Her şeye kırılan, küsen, canını en ufak şeye sıkan, sürekli şikâyet eden bir erkek resmen kabak tadı veriyor bir süre sonra. Burada da şunu sorguluyorum hep. E iyi de bu erkekleri de yetiştiren bir anne var, yani bir kadın. Öyle biz yanlış yetiştirilmiş erkeklerin rehabilitasyon merkezi değiliz demekle çıkamayız işin içinden. Kayınvalidesinden şikâyet edip oğlunu aynı o kadın gibi yetiştiren bir sürü insan tanıyorum. O prensesleri bizler saldık topluma yani, kendi kendine olmadı hiçbir şey.

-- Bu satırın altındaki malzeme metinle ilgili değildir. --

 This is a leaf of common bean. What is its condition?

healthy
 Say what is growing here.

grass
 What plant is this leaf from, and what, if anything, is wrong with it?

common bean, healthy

Sorumluluk almayı öğrenememiş bir sürü erkek var. Sorumluluk verildiğinde kaçan, kaçmasa hepsini karşısındakine ittirmeye çalışan, ne istediğini bilmeyen bir sürü erkek… Bunun karşısında evrimsel süreçte pehlivan mı kalsa prenses mi olsa emin olamayan bir sürü kadın…

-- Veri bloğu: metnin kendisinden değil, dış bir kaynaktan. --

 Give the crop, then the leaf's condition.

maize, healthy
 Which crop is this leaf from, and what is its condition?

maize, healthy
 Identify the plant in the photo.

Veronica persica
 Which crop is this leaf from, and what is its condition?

Anima animus dengesi bozuldukça ve cinsler kendi cinsiyete dair prensiplerini kabullenip dengeyi kurmadıkça daha çok tartışacağız bu konuyu. Çaba göstermek istemeyen, sorumluluk almayan ve hep bana hep bana tavrında olan kim olursa olsun aynı döngüde kalacak. Açık iletişim en kestirme yolken insanların bunca dolaylı yolu cazip bulması da yine kendi seçimleri olmaya devam edecek.
©mümkün dergi
Yasal Uyarı: Yayınlanan köşe yazısı/haberin tüm hakları Yuka Ajans Yay. ve Org. Tic. Ltd. Şti.’ye aittir. Köşe yazısı/haberin tamamı ya da bir kısmı kaynak gösterilmesi ve/veya habere aktif link verilmesi halinde dahi kesinlikle kullanılamaz.
Ayrıntılar için lütfen tıklayınız.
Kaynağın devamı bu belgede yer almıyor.